I believe you can work around this today by disabling the binding to host "A" in Almanac, running one job (which will be forced to allocate on host "B"), then re-enabling the binding. After that, both hosts will have resources and jobs will allocate randomly, which should be good enough. This is exceptionally cumbersome and ridiculous, of course (and it's possible that it doesn't even work).


Broadly, the context that much of Drydock exists in is that we (Phabricator) have ~15-ish second builds and they're great. I don't want to bake an assumption that everyone's builds take forever into Drydock, and Drydock development usually targets us first since we're the only install we can test. When a new feature gets written, the first version tends to have behavior which makes sense in the upstream context of fast builds and excess resources.

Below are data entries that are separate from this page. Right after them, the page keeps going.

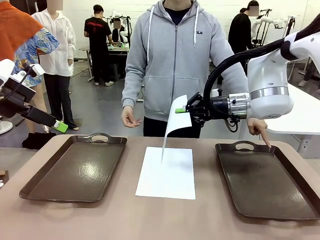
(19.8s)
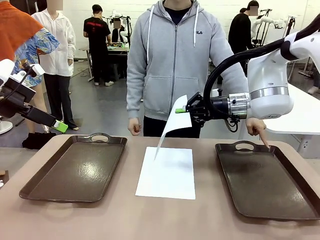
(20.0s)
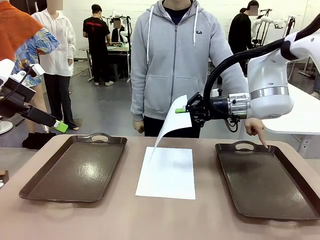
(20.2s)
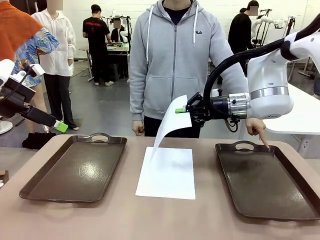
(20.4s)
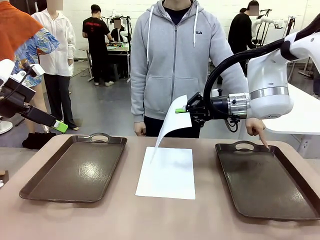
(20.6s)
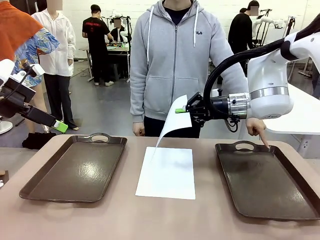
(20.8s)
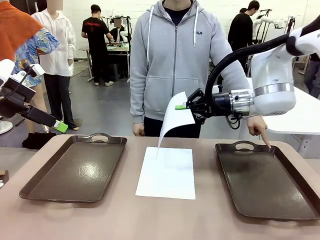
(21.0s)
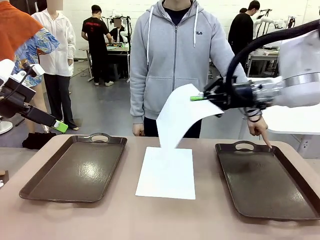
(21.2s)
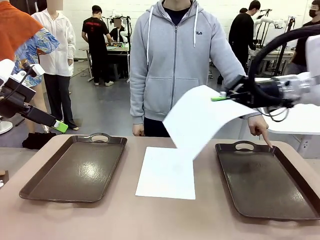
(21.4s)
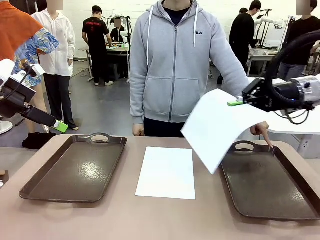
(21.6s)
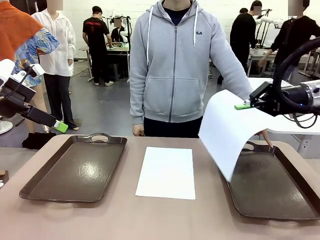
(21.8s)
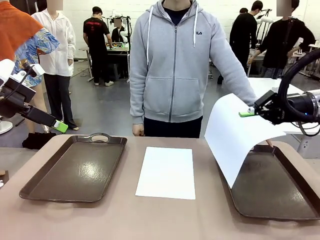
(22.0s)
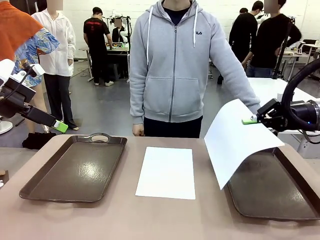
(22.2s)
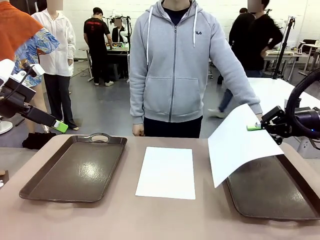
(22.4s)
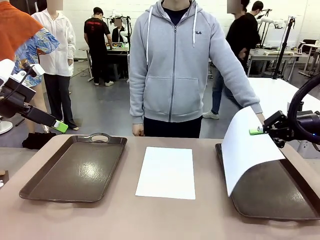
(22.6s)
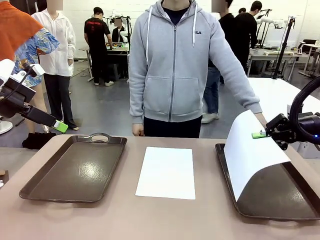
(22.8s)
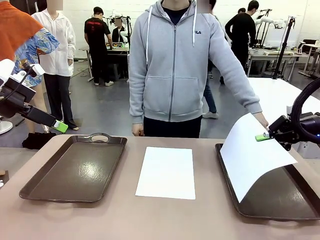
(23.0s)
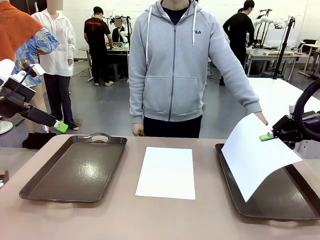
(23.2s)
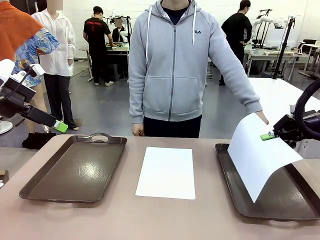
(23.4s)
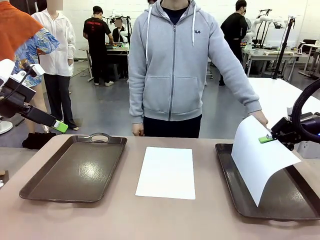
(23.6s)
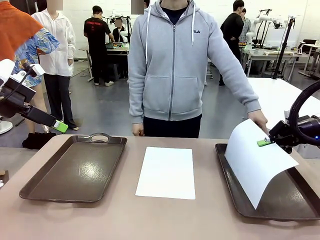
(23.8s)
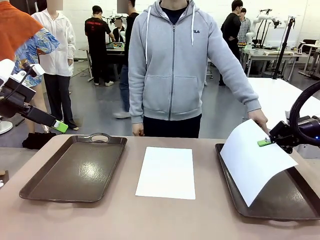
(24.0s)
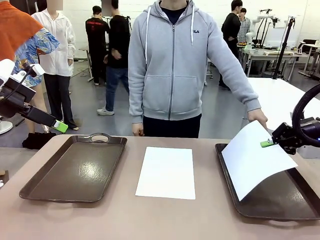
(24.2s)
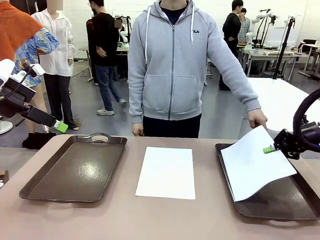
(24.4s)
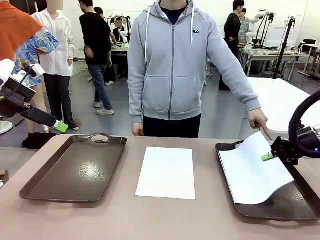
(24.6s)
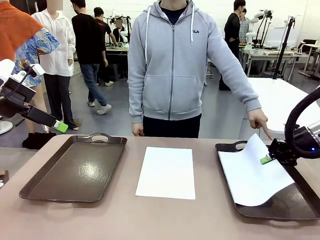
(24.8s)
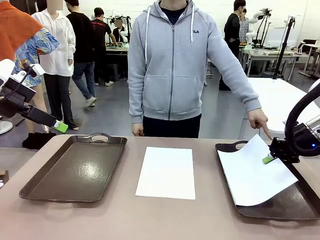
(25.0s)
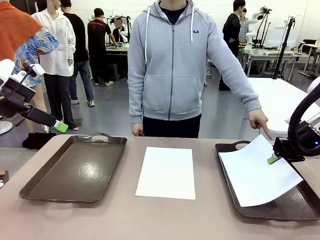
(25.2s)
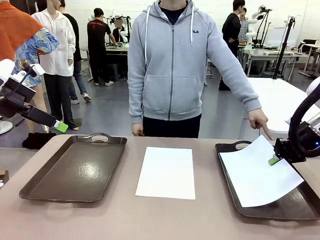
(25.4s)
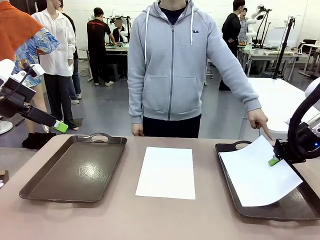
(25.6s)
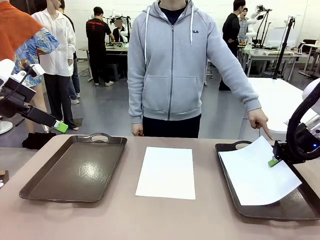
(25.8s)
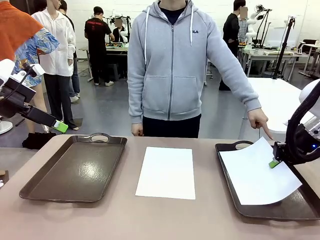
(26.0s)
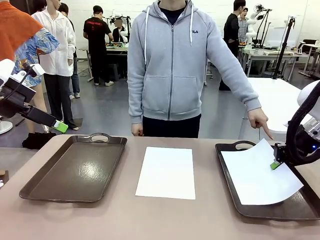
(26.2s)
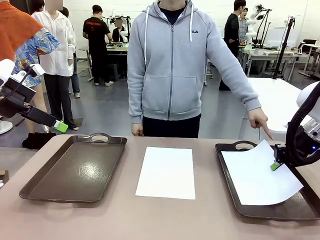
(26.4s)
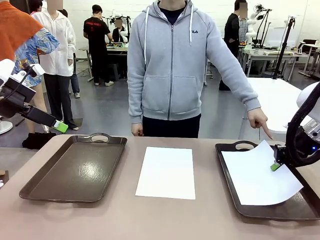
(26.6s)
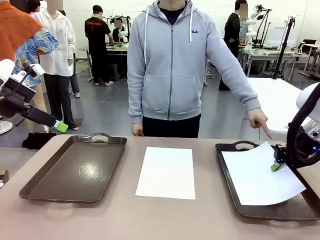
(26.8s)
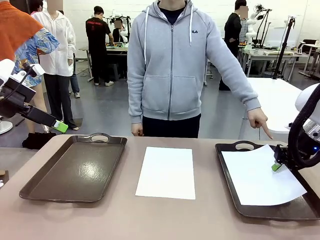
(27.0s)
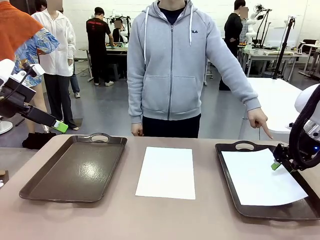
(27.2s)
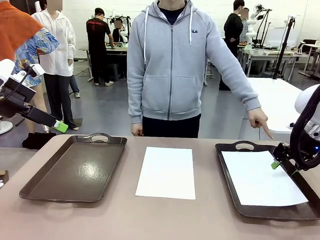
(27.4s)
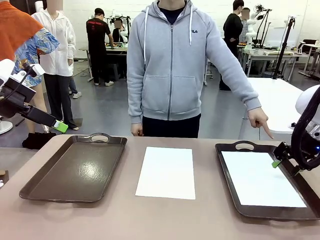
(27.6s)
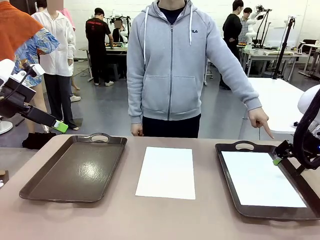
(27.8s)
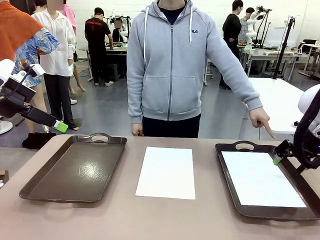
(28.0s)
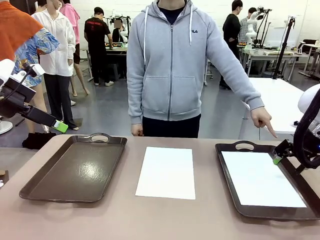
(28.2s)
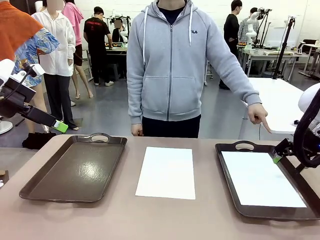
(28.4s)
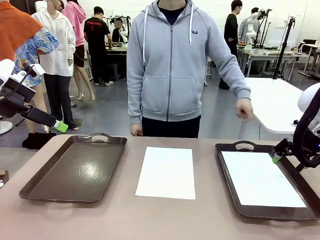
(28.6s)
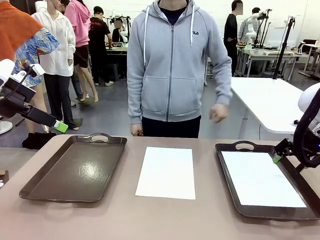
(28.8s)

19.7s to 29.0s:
Task: Sort the A4 documents.
Robot: Place the A4 Paper in the designated Handle tray.

From an engineering viewpoint, this is the context that I think every project should exist in. In reality, of course, few do. After I publish my memoir ("From Abra to Zubat: How to Engineer Software Correctly") I am confident that my unique insights in chapters like "Slow Builds Are Not Good" and "Humans Cost A Lot More Per Hour than Computers Do" will usher in a new era in industry, so we only need to hold out until then.

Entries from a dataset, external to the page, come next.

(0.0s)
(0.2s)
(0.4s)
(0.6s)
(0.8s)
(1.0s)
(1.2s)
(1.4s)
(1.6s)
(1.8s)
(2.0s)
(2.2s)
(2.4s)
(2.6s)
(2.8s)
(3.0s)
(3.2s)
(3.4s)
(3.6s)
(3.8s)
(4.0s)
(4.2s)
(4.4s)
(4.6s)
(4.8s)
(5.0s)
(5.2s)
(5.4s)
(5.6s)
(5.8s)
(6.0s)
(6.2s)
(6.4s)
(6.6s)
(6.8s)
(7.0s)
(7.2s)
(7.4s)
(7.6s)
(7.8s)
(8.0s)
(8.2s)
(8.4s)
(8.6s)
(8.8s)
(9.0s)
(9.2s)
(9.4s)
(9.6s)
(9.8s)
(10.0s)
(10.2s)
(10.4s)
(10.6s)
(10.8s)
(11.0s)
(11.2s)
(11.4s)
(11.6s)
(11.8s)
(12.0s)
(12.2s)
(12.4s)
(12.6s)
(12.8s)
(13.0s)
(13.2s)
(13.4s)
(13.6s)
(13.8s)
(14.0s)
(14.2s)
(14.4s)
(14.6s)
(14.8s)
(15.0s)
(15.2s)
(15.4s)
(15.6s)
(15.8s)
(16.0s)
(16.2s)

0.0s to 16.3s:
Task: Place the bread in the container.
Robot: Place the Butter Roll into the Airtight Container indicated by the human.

So my point here is just that: I don't want to compromise on supporting fast builds; we have fast builds; we target us first; so defaults and initial versions tend to make sense for projects with fast builds. Since fast builds aren't common, these initial behaviors won't be right for everyone and may not even be the right defaults. I'm cognizant that we need first-class support for slow builds too, the hard-coded "fast build" option just tends to get built before the "fast build or slow build" toggle -- here, support for selecting and configuring different allocation strategies.

See also T7006: Harbormaster targets execute multiple times if they run for longer than 24 hours for builds in industry. That actual build didn't truly run for 24 hours, but I think there's a healthy dose of self-made problems in some of the build use cases we've seen. We'll support most of these and become more robust against other failure cases like bad builds outputting 100GB of data which you have a regulatory obligation to retain, but they aren't what we're targeting in the first cut.

A short comment now. Thank you for the very detailed reply.

The reason I filed this as a bug is that it seems that there is no situation where the second host will ever be allocated. Is there some scenario which can trigger both bindings in a host group to be brought online? I am trying to understand the intention behind having host groups if this is never the case.

Is there some scenario which can trigger both bindings in a host group to be brought online?

Not currently, unless I'm misremembering.

trying to understand the intention behind having host groups if this is never the case

Because such scenarios will exist in the future, and we didn't need to create these scenarios yet to do useful work with Drydock.

Although it's clear that you should be able to configure allocation to work differently than it does, it's not yet clear what the UI (or even, really, what the underlying model) should look like. I think the most up-to-date discussion is in here: D16565#195217 (second block).